**EXCERPTED DATA:**
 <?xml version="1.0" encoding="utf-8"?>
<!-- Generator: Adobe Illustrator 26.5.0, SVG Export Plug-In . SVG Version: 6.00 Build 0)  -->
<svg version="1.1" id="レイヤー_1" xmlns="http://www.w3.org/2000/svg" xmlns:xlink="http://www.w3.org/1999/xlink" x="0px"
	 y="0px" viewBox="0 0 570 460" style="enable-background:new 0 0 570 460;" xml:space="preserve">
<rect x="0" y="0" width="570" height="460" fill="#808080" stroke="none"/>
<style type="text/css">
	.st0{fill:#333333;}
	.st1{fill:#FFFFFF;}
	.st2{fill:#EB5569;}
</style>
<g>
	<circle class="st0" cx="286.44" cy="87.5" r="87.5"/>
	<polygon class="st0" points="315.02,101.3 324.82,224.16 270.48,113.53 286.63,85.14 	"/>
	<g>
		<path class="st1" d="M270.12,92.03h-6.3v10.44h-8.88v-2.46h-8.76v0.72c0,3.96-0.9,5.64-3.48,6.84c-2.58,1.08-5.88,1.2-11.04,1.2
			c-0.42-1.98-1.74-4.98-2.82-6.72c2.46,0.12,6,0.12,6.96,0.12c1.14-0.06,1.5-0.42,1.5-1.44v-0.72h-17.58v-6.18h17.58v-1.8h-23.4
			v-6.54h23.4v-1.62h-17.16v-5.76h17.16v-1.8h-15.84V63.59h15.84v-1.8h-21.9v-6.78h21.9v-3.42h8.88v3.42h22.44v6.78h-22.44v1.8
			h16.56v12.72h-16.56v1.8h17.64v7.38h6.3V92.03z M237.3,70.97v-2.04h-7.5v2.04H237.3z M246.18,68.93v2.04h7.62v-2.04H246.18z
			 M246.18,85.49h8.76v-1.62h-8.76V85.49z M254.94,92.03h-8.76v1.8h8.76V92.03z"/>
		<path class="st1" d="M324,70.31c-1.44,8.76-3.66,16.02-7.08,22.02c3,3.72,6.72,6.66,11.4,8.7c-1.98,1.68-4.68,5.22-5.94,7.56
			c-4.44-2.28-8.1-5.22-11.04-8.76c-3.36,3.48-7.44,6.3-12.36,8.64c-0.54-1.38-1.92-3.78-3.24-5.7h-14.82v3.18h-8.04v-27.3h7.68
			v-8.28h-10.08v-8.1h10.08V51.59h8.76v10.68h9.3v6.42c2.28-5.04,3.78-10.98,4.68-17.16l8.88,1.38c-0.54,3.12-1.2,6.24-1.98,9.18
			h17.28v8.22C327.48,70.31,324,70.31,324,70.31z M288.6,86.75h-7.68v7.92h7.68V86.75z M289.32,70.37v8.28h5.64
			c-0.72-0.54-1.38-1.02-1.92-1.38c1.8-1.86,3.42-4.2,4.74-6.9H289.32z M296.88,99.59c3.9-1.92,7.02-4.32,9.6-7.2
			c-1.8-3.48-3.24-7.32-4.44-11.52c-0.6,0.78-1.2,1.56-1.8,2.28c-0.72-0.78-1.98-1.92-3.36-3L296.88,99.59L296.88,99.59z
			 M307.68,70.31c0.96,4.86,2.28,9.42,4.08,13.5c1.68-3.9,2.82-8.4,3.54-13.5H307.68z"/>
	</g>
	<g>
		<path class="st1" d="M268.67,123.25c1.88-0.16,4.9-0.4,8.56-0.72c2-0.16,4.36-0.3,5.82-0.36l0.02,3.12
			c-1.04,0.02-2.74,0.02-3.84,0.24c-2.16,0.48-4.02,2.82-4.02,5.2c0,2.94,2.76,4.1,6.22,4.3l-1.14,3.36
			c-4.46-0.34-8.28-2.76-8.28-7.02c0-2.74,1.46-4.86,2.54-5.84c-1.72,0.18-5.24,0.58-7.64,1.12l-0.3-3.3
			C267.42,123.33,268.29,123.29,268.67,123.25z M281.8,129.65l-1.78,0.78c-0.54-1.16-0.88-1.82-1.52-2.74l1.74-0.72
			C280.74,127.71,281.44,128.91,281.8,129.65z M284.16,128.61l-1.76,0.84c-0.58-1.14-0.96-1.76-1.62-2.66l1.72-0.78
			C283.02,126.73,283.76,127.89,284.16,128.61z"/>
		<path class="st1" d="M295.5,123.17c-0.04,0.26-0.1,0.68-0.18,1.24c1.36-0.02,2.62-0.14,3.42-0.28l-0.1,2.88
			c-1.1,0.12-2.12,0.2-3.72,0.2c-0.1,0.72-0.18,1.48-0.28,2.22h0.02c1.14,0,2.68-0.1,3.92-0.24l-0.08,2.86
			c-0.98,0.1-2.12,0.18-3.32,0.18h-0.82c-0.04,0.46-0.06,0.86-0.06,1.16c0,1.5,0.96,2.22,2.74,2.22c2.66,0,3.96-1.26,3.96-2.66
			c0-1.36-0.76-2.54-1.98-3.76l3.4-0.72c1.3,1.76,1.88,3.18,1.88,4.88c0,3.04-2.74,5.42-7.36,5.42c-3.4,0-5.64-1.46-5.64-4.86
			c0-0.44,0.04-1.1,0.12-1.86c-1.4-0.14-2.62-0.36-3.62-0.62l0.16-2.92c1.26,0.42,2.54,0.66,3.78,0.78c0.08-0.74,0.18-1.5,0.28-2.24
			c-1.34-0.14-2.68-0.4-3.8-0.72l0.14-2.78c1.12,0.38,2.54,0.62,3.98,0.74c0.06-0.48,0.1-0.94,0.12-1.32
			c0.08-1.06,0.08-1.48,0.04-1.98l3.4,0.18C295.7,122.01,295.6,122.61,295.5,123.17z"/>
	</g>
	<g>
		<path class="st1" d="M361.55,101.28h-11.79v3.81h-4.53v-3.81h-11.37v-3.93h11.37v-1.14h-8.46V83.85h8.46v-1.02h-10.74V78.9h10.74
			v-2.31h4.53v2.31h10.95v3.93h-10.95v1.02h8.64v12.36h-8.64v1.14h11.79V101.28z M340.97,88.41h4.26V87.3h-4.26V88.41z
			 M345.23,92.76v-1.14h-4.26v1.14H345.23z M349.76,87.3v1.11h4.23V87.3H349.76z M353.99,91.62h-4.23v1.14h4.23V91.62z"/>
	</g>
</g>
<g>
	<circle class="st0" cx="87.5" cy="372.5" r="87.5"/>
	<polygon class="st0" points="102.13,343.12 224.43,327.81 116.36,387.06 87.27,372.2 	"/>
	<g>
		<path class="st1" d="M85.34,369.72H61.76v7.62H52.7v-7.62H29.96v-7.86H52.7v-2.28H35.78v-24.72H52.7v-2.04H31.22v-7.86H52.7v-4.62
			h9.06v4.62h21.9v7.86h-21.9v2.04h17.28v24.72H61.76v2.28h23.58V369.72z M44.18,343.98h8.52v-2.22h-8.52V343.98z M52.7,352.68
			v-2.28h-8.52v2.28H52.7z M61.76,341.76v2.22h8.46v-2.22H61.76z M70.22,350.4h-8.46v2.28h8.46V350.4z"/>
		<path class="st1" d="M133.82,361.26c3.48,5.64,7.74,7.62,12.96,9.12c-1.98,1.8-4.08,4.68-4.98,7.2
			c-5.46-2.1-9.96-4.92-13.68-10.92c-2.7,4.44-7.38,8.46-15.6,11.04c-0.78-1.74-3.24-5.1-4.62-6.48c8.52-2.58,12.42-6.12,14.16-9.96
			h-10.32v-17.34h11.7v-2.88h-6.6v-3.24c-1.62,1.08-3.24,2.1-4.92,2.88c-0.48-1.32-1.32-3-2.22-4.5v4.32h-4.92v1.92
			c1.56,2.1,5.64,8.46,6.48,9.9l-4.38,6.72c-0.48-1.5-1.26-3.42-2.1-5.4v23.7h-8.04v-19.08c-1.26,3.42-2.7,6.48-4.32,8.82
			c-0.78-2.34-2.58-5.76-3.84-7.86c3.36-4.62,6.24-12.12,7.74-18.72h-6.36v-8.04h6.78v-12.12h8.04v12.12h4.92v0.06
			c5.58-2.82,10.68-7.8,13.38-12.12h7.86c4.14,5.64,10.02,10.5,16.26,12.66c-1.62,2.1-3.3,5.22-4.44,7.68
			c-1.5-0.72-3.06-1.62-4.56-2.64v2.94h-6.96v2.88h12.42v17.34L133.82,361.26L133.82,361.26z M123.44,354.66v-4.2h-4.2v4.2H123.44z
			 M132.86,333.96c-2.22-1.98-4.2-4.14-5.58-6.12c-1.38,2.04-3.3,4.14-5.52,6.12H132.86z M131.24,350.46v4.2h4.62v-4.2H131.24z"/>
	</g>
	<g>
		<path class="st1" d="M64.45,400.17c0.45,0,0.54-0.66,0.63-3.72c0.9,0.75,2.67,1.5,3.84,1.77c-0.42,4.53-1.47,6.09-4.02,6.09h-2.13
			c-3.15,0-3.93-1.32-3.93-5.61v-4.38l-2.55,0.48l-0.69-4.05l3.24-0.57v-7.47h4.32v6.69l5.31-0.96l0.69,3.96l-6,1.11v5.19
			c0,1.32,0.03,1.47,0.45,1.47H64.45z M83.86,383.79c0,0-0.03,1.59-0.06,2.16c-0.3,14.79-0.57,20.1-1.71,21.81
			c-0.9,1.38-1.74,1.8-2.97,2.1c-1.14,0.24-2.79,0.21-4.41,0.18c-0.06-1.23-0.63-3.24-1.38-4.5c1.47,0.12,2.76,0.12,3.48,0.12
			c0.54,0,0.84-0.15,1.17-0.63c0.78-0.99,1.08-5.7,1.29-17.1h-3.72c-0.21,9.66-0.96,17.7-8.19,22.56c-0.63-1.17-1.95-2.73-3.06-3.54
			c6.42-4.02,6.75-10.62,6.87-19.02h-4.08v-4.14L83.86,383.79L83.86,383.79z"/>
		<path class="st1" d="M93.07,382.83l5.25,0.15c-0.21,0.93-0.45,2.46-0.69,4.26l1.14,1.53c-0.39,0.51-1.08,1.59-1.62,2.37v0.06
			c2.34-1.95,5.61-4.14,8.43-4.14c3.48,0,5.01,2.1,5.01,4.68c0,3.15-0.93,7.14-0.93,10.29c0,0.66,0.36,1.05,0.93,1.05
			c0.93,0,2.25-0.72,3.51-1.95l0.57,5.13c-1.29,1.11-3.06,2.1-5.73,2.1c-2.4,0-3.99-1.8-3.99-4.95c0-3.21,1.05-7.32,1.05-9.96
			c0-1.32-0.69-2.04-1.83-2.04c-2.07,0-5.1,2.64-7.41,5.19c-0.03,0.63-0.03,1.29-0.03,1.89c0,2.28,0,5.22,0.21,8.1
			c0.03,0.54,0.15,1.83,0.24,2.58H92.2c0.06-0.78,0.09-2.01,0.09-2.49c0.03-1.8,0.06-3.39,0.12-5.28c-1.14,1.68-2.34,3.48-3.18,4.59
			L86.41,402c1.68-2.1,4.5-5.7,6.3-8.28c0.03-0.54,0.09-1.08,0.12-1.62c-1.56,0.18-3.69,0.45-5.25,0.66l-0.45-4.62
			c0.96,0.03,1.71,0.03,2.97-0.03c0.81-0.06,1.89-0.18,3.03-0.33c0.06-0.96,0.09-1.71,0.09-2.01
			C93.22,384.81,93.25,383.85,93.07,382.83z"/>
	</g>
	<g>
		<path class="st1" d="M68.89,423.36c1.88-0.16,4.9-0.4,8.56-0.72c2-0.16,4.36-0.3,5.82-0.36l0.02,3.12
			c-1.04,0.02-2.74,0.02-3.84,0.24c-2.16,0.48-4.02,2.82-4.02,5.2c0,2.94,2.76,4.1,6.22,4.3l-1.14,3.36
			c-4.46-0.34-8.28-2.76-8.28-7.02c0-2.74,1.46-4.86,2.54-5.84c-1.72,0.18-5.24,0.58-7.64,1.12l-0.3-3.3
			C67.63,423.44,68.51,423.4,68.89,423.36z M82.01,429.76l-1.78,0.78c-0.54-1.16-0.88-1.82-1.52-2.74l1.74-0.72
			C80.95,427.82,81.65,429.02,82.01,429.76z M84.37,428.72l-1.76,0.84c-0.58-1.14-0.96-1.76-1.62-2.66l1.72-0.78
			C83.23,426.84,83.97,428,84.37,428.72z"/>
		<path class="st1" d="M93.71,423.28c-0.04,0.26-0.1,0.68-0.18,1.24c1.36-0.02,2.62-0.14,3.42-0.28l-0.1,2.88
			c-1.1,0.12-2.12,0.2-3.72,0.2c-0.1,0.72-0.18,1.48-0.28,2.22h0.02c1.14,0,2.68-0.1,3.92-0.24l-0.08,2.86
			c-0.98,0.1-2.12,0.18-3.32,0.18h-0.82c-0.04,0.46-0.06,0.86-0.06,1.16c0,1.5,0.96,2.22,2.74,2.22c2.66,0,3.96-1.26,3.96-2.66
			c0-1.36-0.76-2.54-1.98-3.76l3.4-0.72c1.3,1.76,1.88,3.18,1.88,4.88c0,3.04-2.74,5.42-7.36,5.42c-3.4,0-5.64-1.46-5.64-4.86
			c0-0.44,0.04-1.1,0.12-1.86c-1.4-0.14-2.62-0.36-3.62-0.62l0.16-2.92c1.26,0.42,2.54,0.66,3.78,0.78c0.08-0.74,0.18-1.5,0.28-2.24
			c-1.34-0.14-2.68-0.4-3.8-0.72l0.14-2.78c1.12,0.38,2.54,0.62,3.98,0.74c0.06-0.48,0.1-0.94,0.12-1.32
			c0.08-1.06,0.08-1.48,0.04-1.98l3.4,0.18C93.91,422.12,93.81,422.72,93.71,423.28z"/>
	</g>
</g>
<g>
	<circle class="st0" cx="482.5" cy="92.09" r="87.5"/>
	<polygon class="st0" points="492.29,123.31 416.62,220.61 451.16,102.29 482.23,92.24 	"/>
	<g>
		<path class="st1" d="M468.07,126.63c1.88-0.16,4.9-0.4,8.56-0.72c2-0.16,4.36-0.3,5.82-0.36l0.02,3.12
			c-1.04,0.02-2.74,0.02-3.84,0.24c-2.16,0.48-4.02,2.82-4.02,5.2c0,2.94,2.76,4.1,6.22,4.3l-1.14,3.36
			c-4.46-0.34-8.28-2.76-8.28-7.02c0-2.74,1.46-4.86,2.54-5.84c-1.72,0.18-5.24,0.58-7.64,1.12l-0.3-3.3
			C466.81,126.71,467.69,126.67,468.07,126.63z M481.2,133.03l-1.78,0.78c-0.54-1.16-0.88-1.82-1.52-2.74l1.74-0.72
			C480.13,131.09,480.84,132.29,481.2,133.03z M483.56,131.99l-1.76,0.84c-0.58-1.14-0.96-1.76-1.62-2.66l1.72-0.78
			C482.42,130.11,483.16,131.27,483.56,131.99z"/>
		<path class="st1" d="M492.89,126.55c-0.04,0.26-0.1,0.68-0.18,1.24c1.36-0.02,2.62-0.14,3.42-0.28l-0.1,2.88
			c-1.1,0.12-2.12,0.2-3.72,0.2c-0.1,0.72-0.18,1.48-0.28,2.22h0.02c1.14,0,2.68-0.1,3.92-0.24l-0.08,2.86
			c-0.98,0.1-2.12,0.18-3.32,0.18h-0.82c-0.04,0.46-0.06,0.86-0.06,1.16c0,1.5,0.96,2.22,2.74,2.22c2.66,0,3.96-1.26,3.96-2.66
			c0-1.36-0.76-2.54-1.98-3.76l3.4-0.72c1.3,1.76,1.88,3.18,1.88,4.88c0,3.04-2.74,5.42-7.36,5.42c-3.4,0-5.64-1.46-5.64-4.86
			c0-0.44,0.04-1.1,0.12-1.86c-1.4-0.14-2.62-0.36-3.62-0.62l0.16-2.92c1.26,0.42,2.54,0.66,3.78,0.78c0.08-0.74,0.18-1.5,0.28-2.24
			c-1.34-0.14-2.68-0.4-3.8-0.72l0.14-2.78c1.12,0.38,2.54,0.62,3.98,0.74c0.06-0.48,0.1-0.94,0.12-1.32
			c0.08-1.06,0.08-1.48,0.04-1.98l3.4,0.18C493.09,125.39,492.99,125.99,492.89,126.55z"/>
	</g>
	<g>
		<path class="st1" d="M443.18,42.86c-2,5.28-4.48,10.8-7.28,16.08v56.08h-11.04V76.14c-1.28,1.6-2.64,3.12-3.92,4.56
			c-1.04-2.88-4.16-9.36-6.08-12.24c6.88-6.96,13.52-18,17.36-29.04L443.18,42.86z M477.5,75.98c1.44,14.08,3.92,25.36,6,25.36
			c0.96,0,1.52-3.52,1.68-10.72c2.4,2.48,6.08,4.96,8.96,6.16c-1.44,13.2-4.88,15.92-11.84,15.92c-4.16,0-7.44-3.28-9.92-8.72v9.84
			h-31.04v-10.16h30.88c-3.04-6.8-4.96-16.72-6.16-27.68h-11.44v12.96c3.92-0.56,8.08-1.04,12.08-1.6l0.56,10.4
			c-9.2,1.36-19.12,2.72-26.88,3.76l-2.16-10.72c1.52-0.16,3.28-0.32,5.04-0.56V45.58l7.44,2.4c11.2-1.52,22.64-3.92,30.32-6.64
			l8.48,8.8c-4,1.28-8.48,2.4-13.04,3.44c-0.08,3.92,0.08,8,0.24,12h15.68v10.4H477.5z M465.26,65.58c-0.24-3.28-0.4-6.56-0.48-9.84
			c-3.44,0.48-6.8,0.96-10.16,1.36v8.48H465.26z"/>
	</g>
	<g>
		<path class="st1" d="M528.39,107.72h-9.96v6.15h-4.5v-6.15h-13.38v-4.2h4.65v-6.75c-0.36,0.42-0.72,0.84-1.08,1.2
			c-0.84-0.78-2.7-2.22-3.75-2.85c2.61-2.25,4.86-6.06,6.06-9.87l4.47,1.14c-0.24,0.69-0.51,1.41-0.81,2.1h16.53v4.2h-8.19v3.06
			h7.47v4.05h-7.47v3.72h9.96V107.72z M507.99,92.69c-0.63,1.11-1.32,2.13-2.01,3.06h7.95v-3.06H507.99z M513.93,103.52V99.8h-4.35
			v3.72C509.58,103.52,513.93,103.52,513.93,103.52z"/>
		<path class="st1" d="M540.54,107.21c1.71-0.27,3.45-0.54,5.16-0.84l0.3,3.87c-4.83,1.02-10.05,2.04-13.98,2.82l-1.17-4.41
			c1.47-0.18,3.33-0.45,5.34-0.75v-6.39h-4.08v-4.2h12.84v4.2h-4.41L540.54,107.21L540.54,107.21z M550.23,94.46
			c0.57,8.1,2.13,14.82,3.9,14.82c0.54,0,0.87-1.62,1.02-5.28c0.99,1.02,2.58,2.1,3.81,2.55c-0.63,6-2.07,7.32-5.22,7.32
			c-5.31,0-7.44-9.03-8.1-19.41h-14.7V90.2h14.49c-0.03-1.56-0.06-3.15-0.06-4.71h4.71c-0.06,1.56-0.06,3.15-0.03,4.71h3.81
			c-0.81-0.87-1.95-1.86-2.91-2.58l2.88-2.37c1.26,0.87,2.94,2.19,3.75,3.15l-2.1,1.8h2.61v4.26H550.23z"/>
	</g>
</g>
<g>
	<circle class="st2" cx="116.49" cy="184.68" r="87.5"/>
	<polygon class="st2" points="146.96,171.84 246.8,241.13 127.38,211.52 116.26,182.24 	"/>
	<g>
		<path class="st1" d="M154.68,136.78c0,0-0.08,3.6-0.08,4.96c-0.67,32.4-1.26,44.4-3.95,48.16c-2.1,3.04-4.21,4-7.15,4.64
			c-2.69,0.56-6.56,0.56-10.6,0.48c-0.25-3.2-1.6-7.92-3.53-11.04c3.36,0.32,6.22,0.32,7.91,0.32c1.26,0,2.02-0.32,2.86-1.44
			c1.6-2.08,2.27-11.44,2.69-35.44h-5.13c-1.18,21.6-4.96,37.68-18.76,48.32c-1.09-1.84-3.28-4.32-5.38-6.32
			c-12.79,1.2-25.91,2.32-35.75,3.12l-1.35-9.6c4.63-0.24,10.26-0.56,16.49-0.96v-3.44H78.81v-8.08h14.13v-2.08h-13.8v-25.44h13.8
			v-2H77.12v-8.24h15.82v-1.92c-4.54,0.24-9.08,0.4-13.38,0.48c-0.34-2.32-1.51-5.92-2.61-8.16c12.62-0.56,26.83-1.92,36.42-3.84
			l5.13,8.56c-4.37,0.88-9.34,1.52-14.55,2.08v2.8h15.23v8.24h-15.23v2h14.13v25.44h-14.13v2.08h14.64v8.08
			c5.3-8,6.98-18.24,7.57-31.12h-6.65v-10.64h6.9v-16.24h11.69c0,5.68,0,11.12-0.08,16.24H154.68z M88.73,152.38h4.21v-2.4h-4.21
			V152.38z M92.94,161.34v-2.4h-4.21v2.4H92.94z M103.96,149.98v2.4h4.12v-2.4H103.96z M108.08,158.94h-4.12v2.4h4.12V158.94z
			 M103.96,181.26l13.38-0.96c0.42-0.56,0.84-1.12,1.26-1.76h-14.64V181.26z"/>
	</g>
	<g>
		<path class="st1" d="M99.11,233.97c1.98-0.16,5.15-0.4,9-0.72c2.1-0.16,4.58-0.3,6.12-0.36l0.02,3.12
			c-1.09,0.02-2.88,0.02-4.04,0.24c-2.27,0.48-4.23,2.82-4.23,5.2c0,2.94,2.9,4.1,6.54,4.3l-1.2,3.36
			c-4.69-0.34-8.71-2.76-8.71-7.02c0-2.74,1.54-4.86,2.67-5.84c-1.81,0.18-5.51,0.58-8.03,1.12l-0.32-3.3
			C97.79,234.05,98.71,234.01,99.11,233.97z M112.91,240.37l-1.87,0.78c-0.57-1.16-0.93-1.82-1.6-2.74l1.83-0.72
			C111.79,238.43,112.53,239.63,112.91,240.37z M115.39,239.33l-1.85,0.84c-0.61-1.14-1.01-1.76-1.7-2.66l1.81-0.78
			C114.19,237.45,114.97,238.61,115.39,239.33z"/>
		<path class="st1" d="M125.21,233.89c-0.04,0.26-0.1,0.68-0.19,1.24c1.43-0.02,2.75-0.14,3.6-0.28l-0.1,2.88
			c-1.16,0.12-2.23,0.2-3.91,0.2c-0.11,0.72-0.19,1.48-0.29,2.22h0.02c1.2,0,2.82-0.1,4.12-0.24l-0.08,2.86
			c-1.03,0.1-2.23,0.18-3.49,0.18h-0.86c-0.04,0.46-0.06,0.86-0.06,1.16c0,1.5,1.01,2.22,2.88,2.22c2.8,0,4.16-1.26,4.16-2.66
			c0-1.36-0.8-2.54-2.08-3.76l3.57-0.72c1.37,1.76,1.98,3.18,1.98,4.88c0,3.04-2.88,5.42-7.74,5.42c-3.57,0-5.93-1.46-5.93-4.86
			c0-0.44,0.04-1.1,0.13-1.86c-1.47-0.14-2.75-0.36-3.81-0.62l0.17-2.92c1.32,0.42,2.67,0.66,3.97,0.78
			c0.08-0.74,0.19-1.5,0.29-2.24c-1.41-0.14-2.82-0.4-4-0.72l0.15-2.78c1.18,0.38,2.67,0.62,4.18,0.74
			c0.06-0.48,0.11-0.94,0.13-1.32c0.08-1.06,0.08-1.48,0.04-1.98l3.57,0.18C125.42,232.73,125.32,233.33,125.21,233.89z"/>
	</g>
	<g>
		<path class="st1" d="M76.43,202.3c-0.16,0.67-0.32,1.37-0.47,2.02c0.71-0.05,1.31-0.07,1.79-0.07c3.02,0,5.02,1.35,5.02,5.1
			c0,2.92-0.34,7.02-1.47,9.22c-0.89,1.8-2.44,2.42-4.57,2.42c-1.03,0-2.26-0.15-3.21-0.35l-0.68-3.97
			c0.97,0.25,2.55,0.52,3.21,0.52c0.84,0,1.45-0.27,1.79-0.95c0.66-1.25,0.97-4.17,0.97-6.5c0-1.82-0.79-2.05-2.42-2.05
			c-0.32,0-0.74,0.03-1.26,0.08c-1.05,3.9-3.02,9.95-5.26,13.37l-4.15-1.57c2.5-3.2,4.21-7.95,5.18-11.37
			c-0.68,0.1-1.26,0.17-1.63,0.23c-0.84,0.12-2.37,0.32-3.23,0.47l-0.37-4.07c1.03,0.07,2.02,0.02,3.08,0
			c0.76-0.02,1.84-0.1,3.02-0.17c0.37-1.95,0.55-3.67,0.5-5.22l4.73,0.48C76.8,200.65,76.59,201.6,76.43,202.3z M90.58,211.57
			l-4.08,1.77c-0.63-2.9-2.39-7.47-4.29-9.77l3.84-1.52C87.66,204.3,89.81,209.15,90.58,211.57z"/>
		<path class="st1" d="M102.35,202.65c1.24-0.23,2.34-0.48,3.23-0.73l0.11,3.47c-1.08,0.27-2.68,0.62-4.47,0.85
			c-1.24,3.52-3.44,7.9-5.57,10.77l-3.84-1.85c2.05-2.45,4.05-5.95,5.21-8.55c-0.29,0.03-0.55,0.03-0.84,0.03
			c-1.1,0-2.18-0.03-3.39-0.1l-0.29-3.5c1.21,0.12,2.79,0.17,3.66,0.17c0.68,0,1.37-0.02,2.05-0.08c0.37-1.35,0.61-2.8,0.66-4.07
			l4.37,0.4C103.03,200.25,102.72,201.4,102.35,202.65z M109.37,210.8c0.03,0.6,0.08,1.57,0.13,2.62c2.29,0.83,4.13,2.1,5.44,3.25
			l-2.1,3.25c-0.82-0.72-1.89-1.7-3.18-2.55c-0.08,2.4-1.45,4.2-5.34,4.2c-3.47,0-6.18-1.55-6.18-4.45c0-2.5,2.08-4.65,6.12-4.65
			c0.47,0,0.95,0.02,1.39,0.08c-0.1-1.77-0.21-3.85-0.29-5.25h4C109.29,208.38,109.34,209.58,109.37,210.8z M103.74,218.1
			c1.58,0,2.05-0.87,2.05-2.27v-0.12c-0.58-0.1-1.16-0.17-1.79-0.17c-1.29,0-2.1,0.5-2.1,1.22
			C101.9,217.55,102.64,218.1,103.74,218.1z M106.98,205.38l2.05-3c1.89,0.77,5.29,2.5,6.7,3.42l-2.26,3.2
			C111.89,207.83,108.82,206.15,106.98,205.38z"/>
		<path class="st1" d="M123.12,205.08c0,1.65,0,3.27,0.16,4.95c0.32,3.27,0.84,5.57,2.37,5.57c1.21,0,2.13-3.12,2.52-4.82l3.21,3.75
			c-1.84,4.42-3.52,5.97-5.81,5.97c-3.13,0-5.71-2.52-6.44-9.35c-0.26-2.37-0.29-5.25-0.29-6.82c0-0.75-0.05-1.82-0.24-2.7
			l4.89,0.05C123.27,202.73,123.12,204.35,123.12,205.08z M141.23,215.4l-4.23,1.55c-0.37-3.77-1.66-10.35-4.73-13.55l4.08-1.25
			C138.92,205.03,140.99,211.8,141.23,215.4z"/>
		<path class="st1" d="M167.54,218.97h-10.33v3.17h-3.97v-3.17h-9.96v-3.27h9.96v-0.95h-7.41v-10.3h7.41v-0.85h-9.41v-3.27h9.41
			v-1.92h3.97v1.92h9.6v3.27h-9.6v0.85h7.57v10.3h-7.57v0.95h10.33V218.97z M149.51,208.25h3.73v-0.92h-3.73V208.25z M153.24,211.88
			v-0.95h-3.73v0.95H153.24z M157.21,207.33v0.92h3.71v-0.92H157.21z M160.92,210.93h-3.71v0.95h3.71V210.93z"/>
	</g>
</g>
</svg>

**EXERCISE:**
Every line above that holds the string "circle" counts once; give the total and nothing more.

**RESPONSE:**
4